(Assignment):
The data below is to be transcribed word for word; pictures are to be excluded.
__________________________________________________
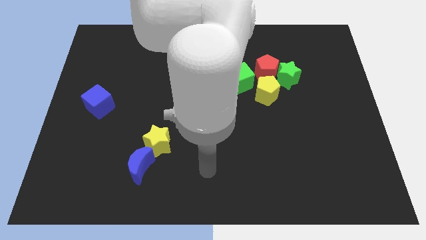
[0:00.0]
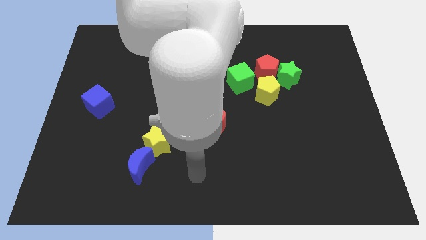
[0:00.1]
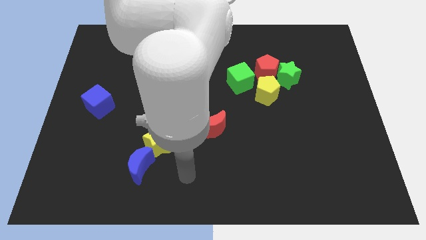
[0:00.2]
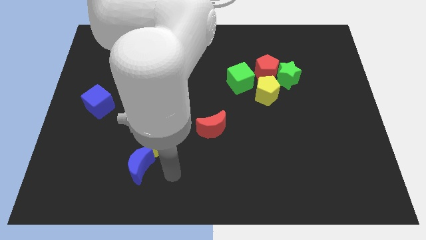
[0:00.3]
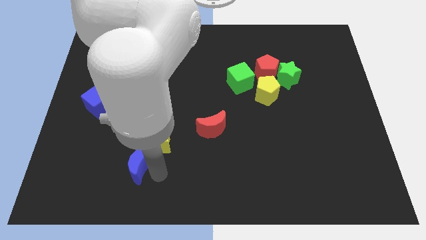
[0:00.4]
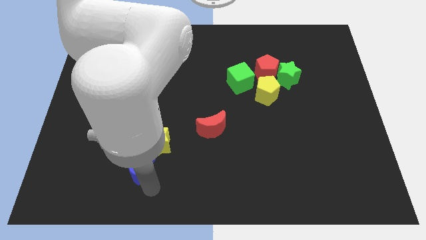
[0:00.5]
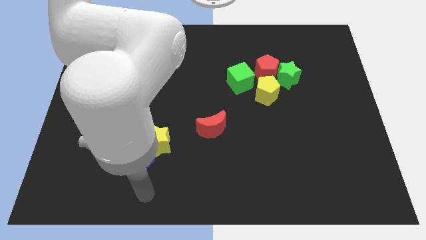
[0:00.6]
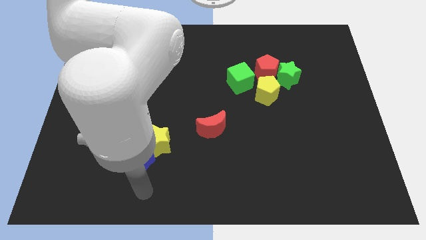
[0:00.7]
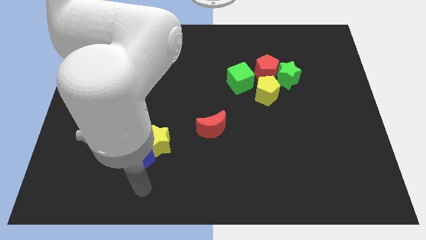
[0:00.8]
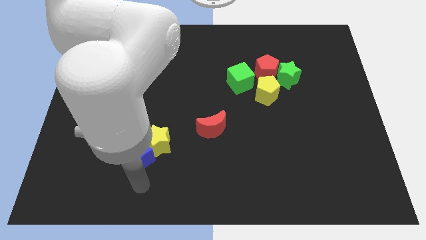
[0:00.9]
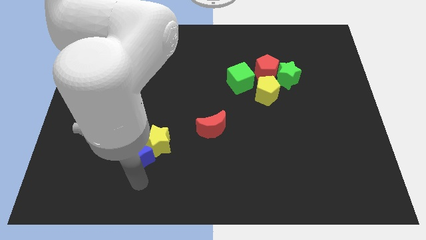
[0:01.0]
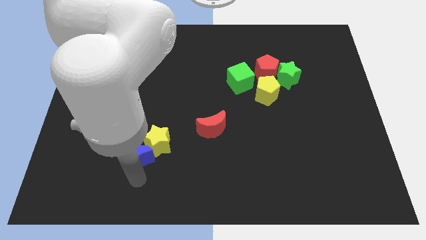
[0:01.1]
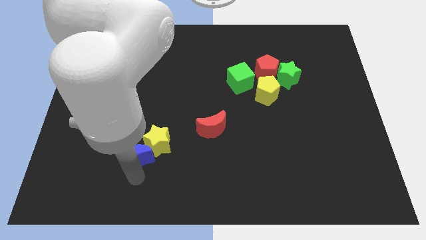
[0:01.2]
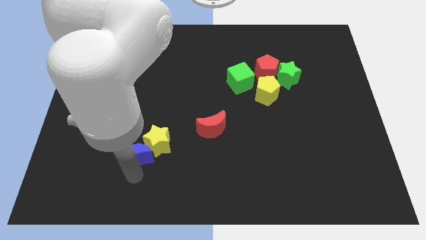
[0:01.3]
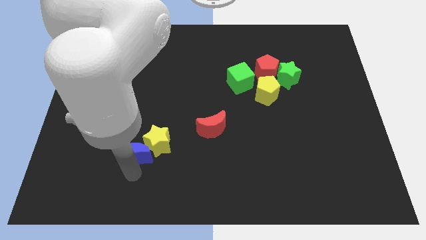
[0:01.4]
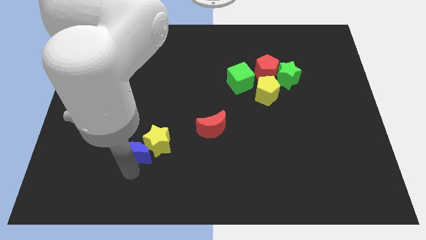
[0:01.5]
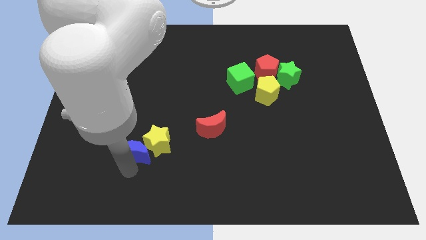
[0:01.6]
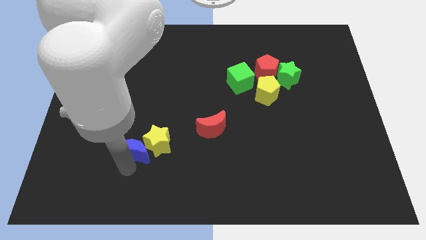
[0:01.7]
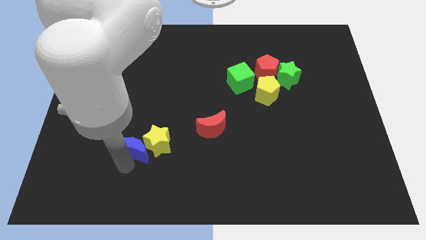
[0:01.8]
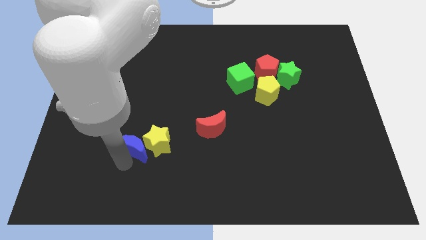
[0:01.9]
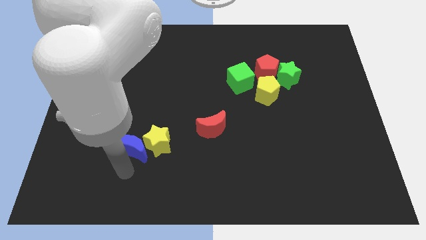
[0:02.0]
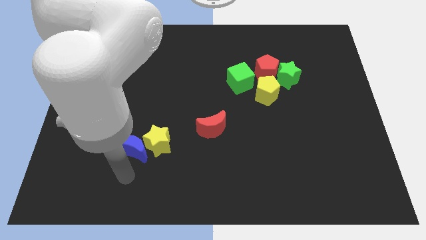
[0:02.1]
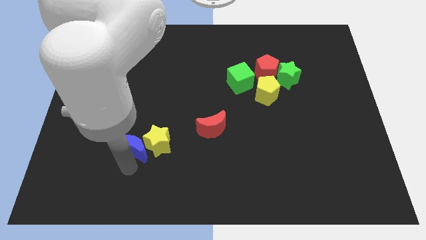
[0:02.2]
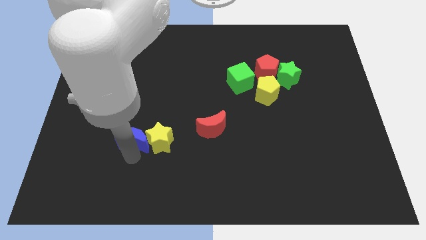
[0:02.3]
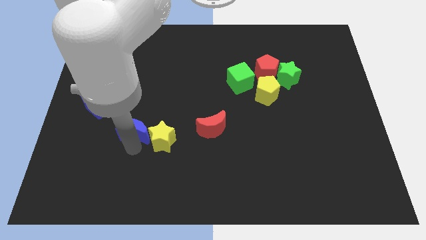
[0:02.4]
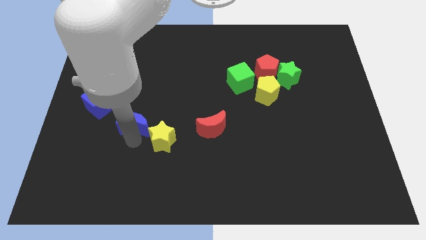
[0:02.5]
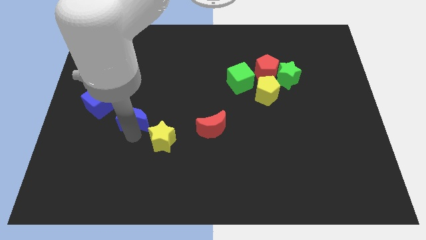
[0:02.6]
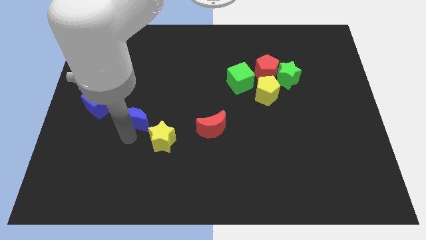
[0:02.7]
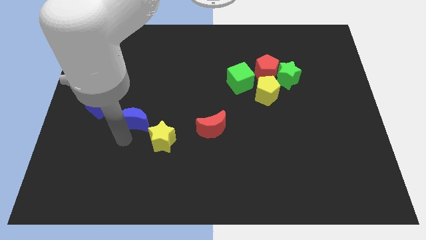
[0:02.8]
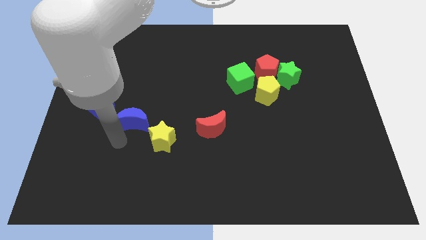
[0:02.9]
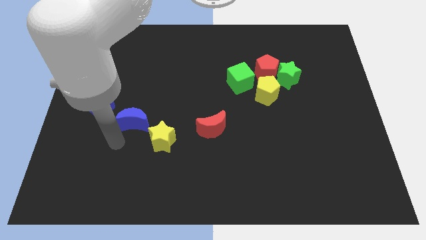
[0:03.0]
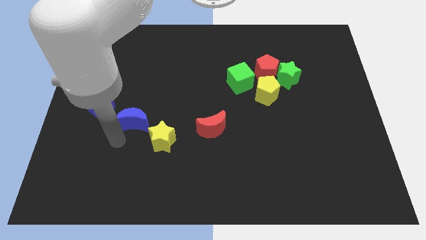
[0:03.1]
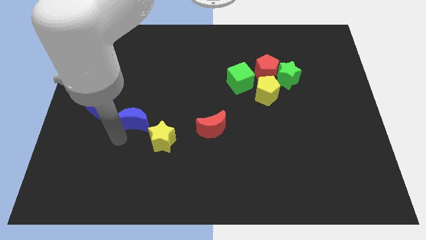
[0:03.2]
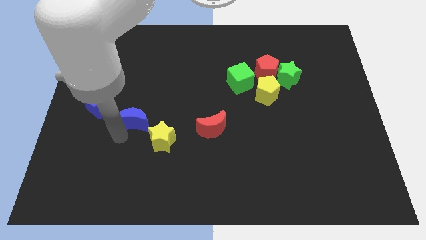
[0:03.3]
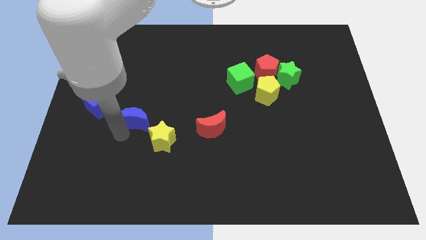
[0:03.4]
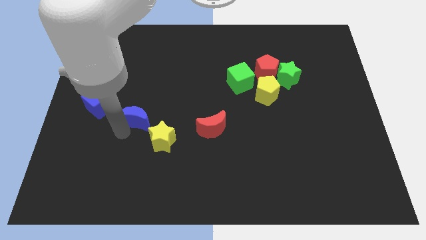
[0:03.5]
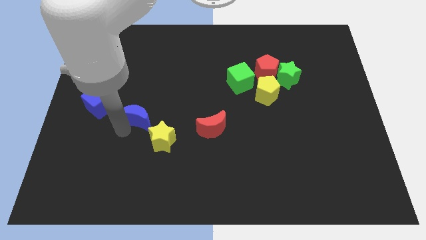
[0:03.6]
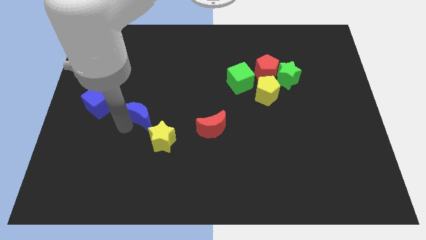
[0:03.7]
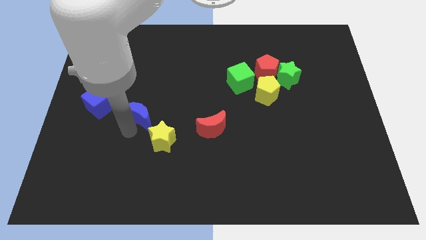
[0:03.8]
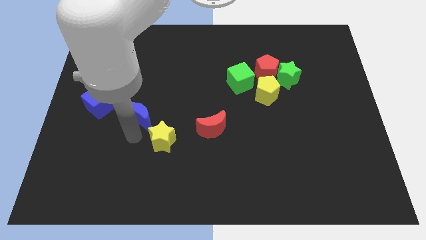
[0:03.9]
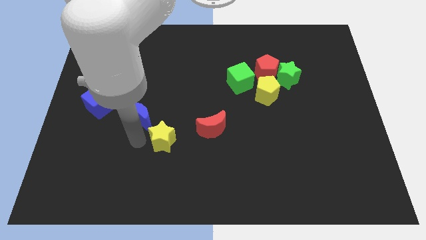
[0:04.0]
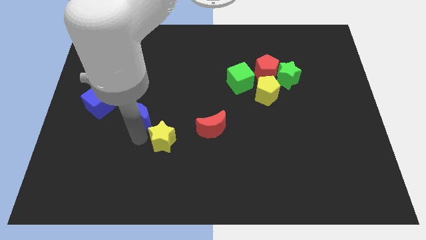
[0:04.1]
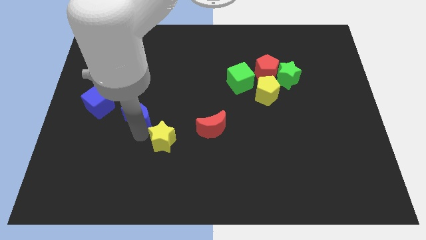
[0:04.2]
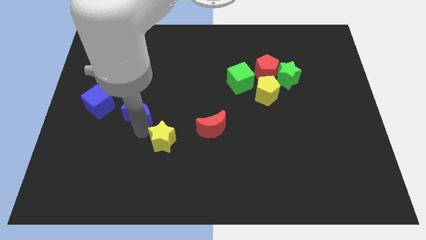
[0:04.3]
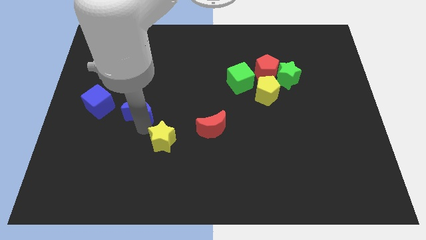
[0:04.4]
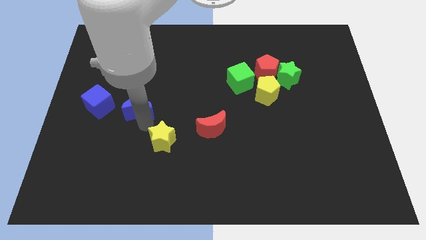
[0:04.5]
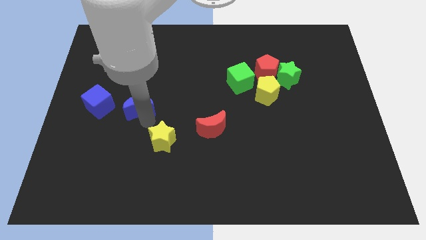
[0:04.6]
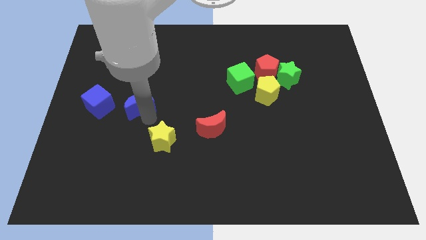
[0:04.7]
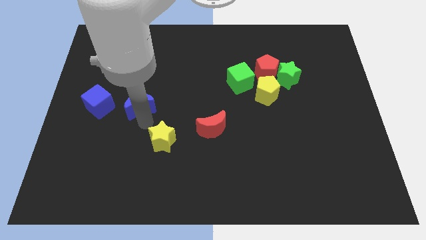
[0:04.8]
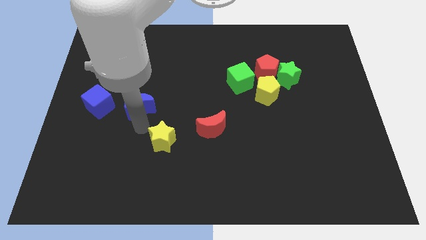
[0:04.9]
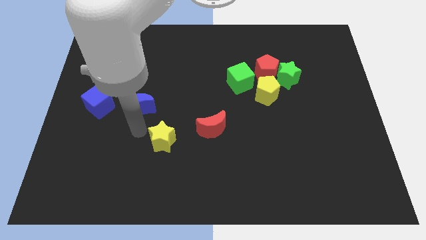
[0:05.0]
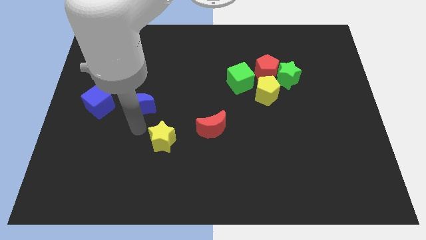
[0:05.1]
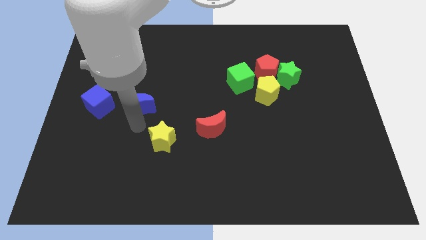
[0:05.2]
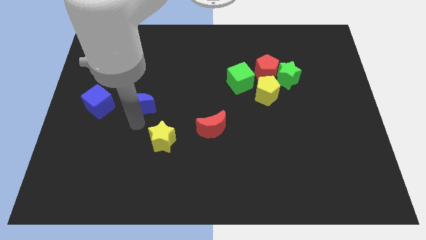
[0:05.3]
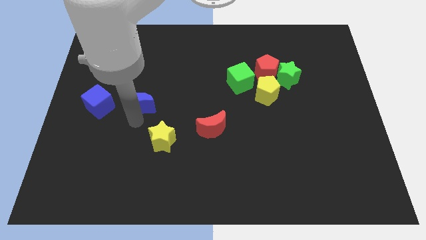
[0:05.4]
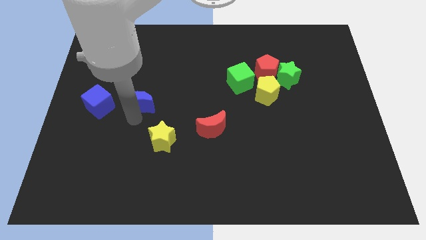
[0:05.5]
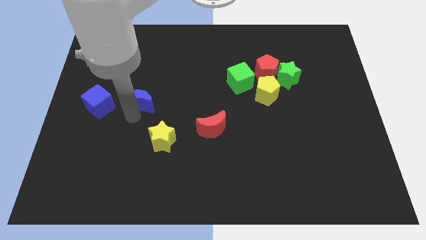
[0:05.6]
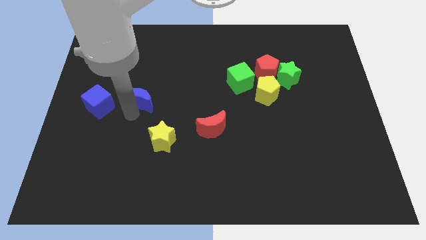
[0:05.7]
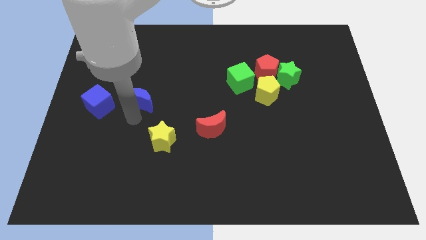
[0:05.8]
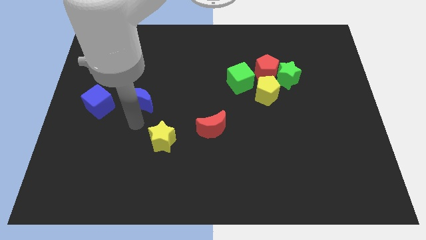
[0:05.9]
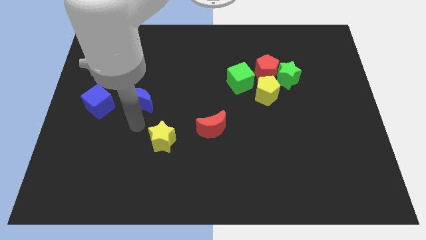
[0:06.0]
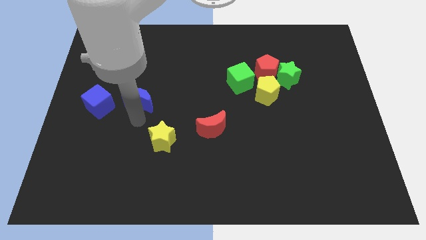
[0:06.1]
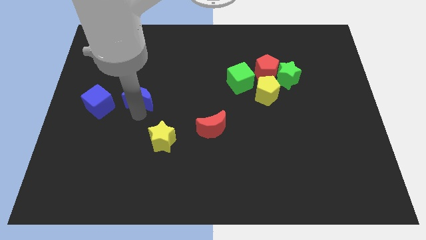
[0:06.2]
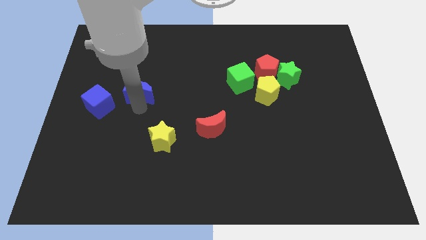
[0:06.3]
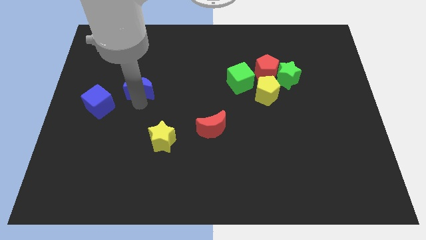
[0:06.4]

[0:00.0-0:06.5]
__________________________________________________
(Your response):
[0:00.0]
[0:00.1]
[0:00.2]
[0:00.3]
[0:00.4]
[0:00.5]
[0:00.6]
[0:00.7]
[0:00.8]
[0:00.9]
[0:01.0]
[0:01.1]
[0:01.2]
[0:01.3]
[0:01.4]
[0:01.5]
[0:01.6]
[0:01.7]
[0:01.8]
[0:01.9]
[0:02.0]
[0:02.1]
[0:02.2]
[0:02.3]
[0:02.4]
[0:02.5]
[0:02.6]
[0:02.7]
[0:02.8]
[0:02.9]
[0:03.0]
[0:03.1]
[0:03.2]
[0:03.3]
[0:03.4]
[0:03.5]
[0:03.6]
[0:03.7]
[0:03.8]
[0:03.9]
[0:04.0]
[0:04.1]
[0:04.2]
[0:04.3]
[0:04.4]
[0:04.5]
[0:04.6]
[0:04.7]
[0:04.8]
[0:04.9]
[0:05.0]
[0:05.1]
[0:05.2]
[0:05.3]
[0:05.4]
[0:05.5]
[0:05.6]
[0:05.7]
[0:05.8]
[0:05.9]
[0:06.0]
[0:06.1]
[0:06.2]
[0:06.3]
[0:06.4]

[0:00.0-0:06.5]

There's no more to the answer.